If an email is sent from a private address, does it make a noise?

Clinton is not alone.  Jonathan Silver, the former head of DOE's Loan Programs Office, did too.  He was clearly not as high up in the Obama administration as Secretary Clinton; and unlike Clinton, he seems also to have used his DOE email address.  Nonetheless, Silver did oversee the granting of some of the largest non-bailout loans to individual private corporations in US history.  And, like Secretary Clinton, he had a penchant for using his private email a lot. 

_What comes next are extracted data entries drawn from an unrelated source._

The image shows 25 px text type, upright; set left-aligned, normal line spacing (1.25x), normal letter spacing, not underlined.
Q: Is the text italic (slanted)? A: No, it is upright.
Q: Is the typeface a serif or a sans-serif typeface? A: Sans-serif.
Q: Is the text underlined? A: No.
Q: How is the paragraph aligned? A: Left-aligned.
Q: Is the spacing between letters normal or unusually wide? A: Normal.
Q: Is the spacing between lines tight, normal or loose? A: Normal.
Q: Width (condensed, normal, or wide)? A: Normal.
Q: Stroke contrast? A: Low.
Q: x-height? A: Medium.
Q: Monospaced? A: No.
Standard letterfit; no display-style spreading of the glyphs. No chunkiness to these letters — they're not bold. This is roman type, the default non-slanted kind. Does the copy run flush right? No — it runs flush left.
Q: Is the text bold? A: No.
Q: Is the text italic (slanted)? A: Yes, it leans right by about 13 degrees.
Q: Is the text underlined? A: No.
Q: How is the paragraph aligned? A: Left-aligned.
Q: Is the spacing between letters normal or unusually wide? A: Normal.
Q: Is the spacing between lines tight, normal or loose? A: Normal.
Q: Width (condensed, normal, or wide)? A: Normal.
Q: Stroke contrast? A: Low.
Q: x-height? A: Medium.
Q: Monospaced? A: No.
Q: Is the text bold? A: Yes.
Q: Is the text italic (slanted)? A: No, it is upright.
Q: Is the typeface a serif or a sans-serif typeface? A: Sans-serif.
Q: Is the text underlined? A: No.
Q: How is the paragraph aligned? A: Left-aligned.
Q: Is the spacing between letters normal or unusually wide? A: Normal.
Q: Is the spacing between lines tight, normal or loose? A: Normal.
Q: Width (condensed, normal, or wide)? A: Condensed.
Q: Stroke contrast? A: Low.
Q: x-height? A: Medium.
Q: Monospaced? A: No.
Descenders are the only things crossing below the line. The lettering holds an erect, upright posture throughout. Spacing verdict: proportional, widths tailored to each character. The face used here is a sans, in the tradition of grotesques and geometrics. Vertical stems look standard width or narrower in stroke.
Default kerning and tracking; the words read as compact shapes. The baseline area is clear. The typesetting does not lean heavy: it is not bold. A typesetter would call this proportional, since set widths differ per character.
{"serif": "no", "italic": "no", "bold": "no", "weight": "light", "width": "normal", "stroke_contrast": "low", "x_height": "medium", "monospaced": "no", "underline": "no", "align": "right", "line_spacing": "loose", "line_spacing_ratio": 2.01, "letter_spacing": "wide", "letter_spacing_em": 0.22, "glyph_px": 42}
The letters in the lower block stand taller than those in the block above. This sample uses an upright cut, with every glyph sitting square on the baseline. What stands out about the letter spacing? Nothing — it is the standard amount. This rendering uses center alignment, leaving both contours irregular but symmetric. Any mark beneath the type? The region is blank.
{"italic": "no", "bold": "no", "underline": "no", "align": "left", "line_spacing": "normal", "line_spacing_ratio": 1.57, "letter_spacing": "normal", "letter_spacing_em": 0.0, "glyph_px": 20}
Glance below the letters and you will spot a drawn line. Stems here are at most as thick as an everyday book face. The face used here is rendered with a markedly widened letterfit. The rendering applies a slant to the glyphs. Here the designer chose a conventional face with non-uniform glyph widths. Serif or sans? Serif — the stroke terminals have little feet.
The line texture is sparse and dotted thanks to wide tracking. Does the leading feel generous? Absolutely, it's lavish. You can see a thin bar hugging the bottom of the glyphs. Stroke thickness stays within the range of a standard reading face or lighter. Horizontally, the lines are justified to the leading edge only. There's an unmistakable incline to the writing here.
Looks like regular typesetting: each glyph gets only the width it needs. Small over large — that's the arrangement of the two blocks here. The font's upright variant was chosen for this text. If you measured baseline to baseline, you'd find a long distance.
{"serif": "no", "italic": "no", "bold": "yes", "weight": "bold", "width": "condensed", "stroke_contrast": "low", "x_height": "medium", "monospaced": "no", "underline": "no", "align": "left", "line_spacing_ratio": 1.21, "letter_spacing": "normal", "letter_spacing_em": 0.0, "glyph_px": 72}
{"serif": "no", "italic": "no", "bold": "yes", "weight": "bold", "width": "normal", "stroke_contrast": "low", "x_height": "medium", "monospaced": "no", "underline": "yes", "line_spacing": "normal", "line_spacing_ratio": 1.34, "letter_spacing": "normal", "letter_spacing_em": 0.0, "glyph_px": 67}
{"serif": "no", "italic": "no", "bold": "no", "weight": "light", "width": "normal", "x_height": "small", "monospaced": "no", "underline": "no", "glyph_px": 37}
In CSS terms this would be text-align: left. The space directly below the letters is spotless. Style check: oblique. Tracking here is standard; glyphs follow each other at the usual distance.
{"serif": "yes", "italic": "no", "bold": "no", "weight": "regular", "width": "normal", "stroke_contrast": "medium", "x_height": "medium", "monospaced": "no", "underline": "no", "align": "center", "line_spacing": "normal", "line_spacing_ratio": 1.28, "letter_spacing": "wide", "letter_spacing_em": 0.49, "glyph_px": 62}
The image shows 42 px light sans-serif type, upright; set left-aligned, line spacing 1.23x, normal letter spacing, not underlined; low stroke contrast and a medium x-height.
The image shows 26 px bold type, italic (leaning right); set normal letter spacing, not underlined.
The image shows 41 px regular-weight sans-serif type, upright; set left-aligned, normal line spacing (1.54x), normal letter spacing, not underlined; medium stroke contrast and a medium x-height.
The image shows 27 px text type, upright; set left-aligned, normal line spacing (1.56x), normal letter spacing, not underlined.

Great investigative work by Carol Leonnig and Joe Stephens in the Washington Post back in 2012 highlighted the issue.  They wrote that Silver frequently reminded staff not to include personal emails in DOE correspondance for fear of making the account subpoenable.  But it seems that if one just used private email, without having it appear alongside DOE addresses, that would be fine.  Indeed, he often relied on this less visible method for his own key correspondence.  Leonnig and Stephens: 

Silver repeatedly communicated about internal and sensitive loan decisions via his personal e-mail, the newly released records show, and more than a dozen other Energy Department staff members used their personal e-mail to discuss decisions involving taxpayer-funded loans as well. The Washington Post received the e-mails from Republican investigators on the committee.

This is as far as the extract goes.